TASK REQUIREMENTS:
Among the entries below, how many lines include "cover"? Answer with the number only.

Collected data:
▼
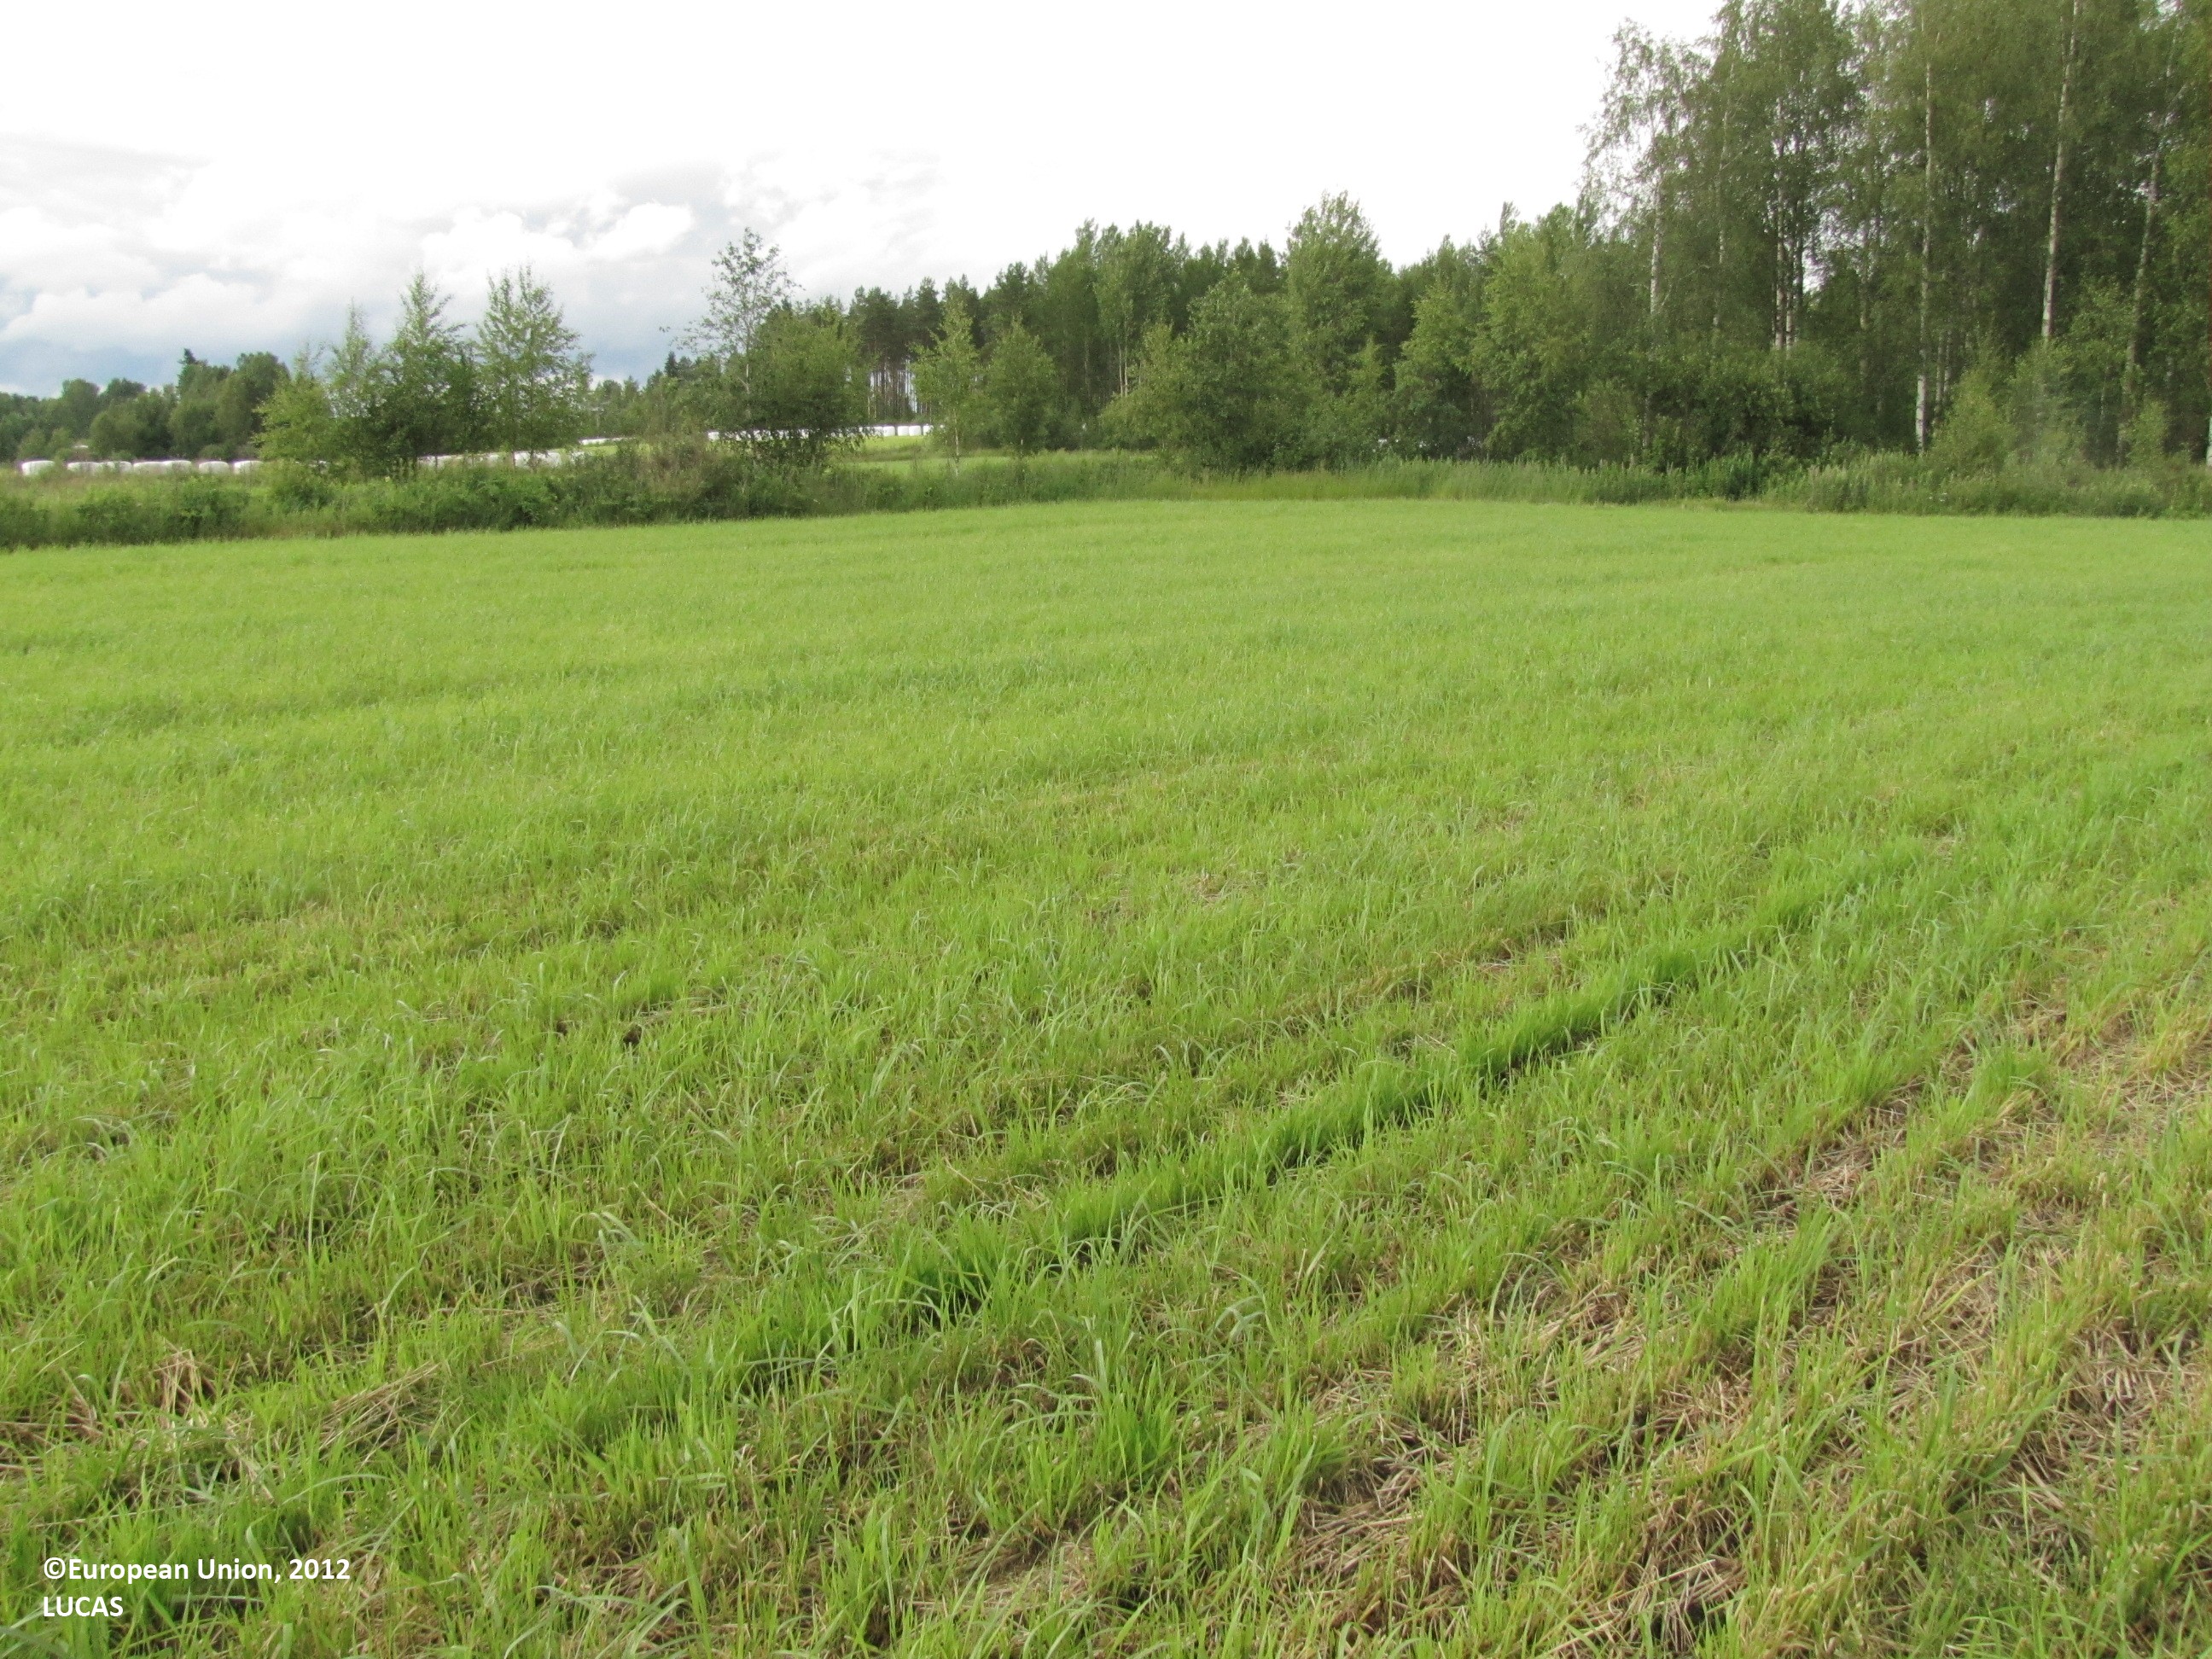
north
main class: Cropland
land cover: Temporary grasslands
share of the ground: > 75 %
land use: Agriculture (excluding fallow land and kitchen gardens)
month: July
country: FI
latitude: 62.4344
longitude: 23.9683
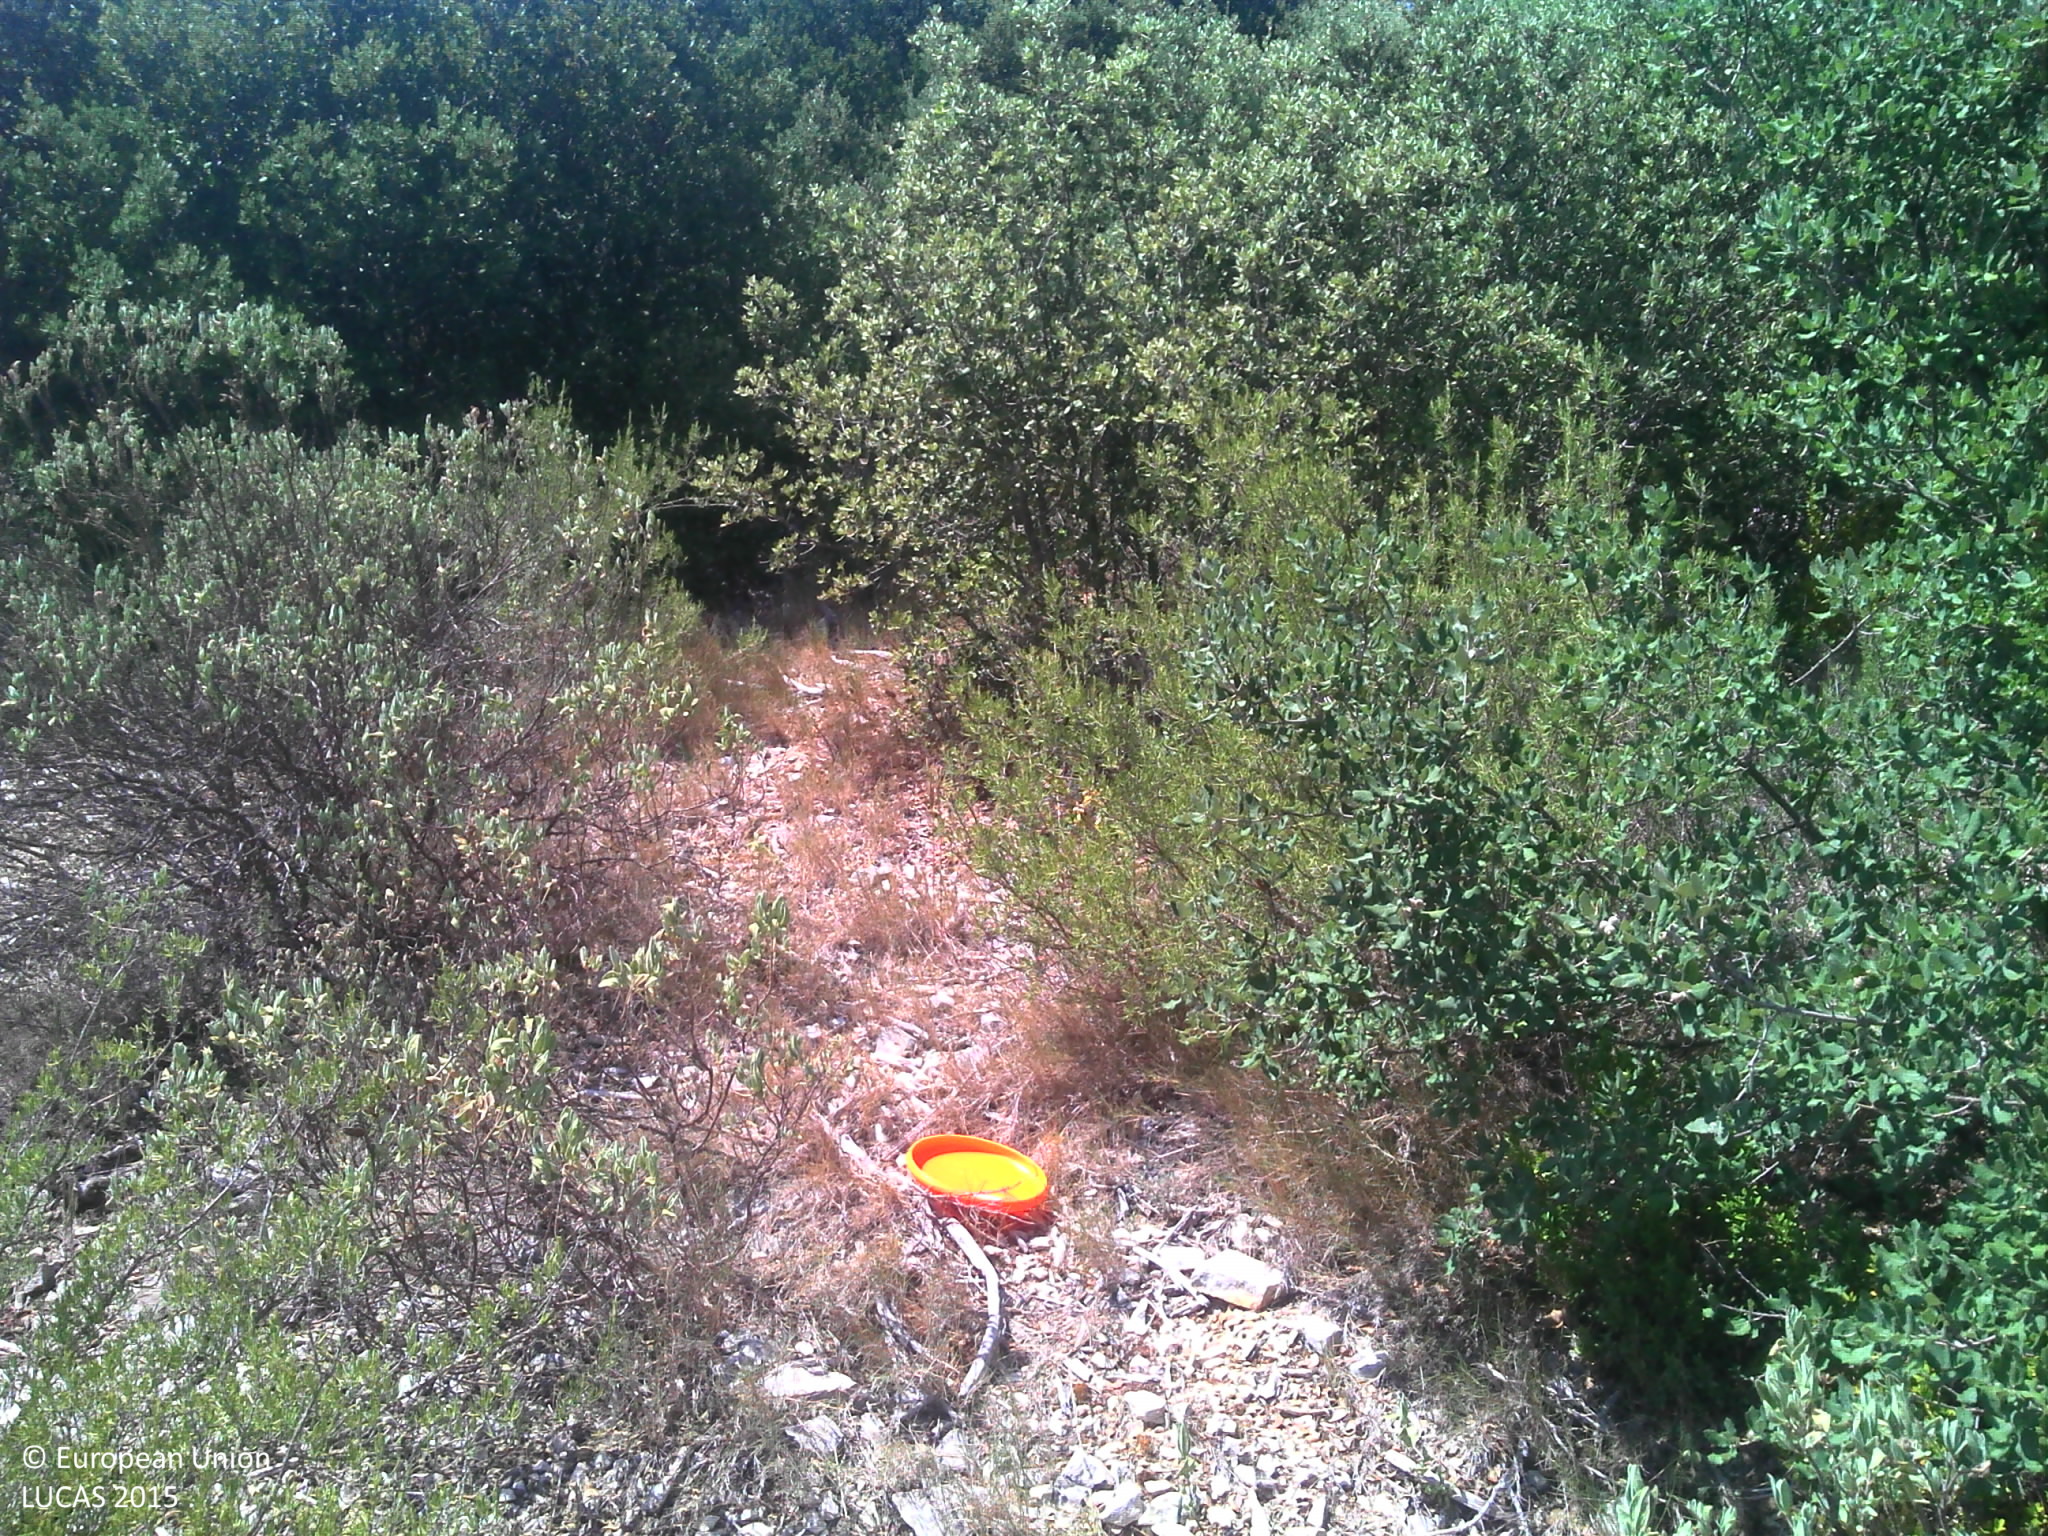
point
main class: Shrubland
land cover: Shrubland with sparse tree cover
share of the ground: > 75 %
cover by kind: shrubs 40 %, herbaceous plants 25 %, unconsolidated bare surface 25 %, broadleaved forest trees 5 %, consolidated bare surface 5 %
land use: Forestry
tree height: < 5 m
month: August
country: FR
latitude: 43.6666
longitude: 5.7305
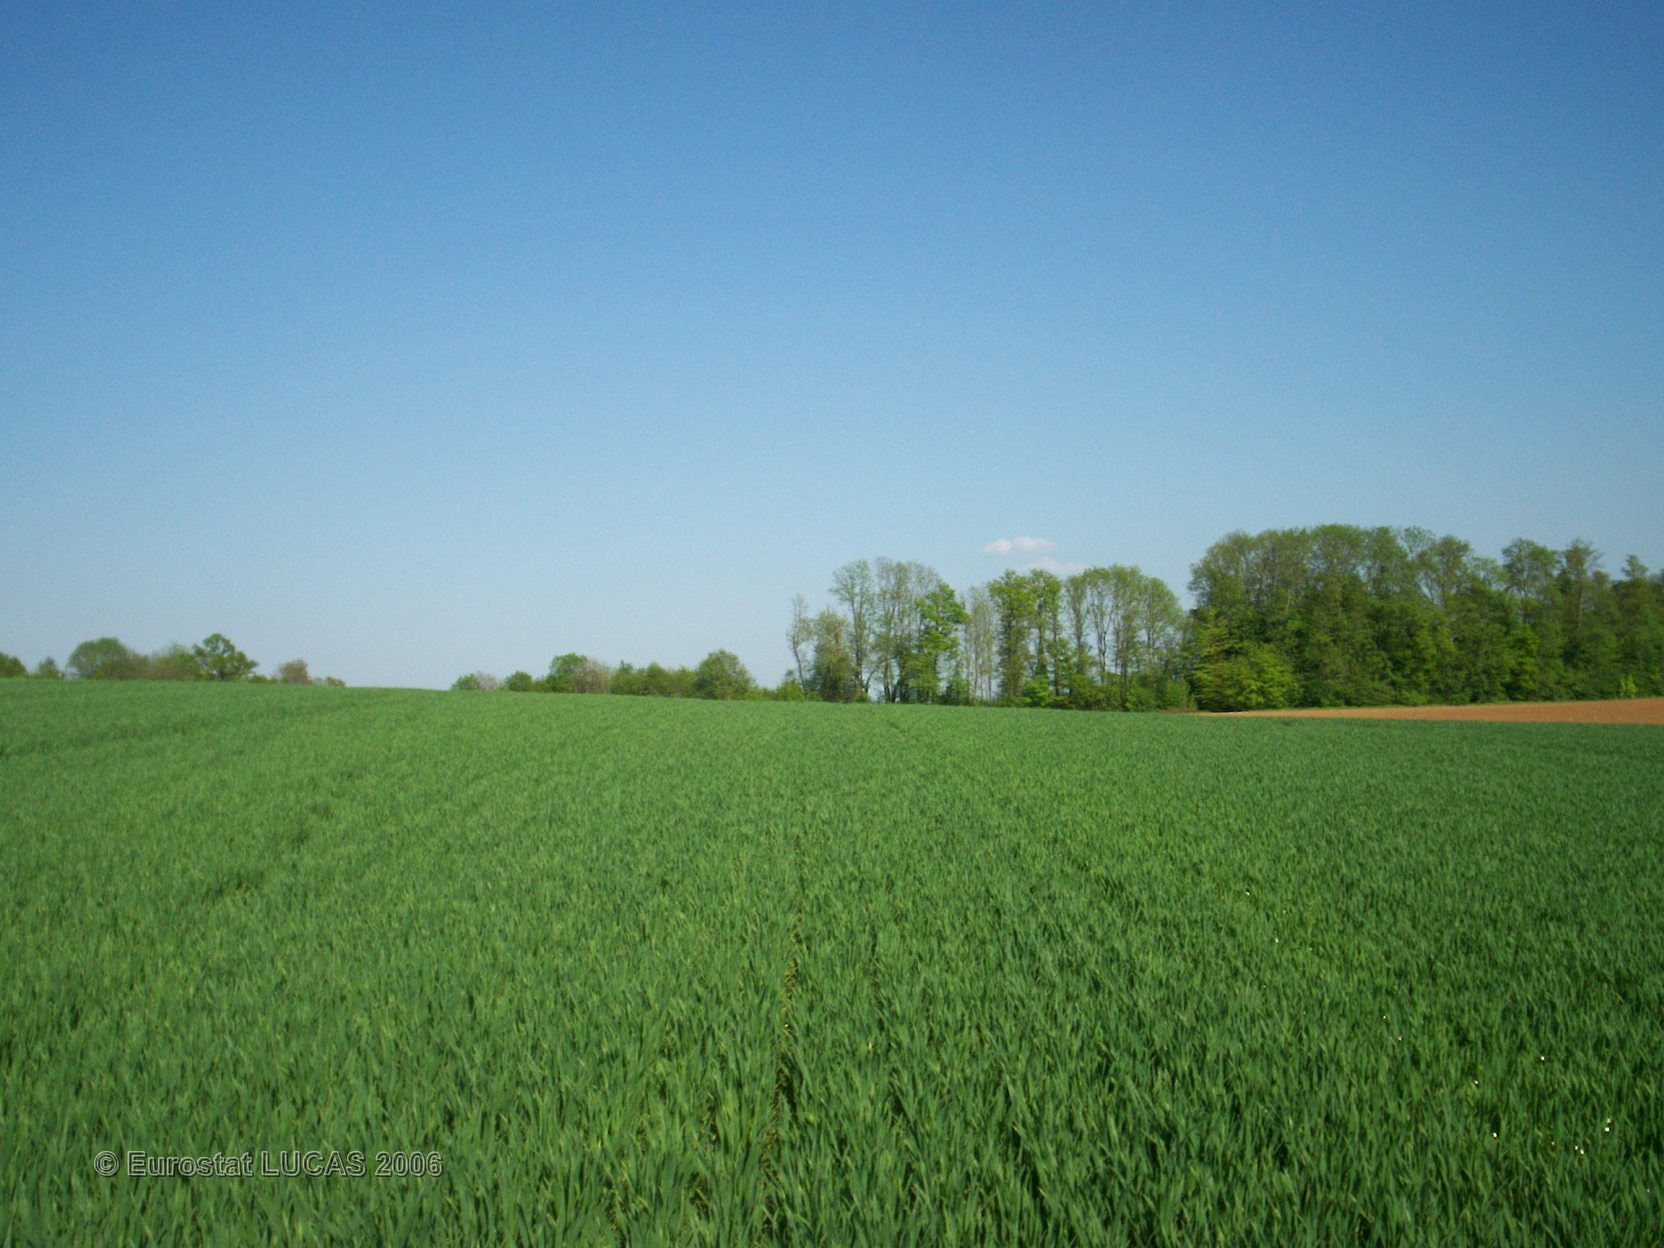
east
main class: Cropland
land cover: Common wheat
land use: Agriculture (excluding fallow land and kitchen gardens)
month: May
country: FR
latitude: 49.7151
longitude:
▲
ANSWER SECTION:
4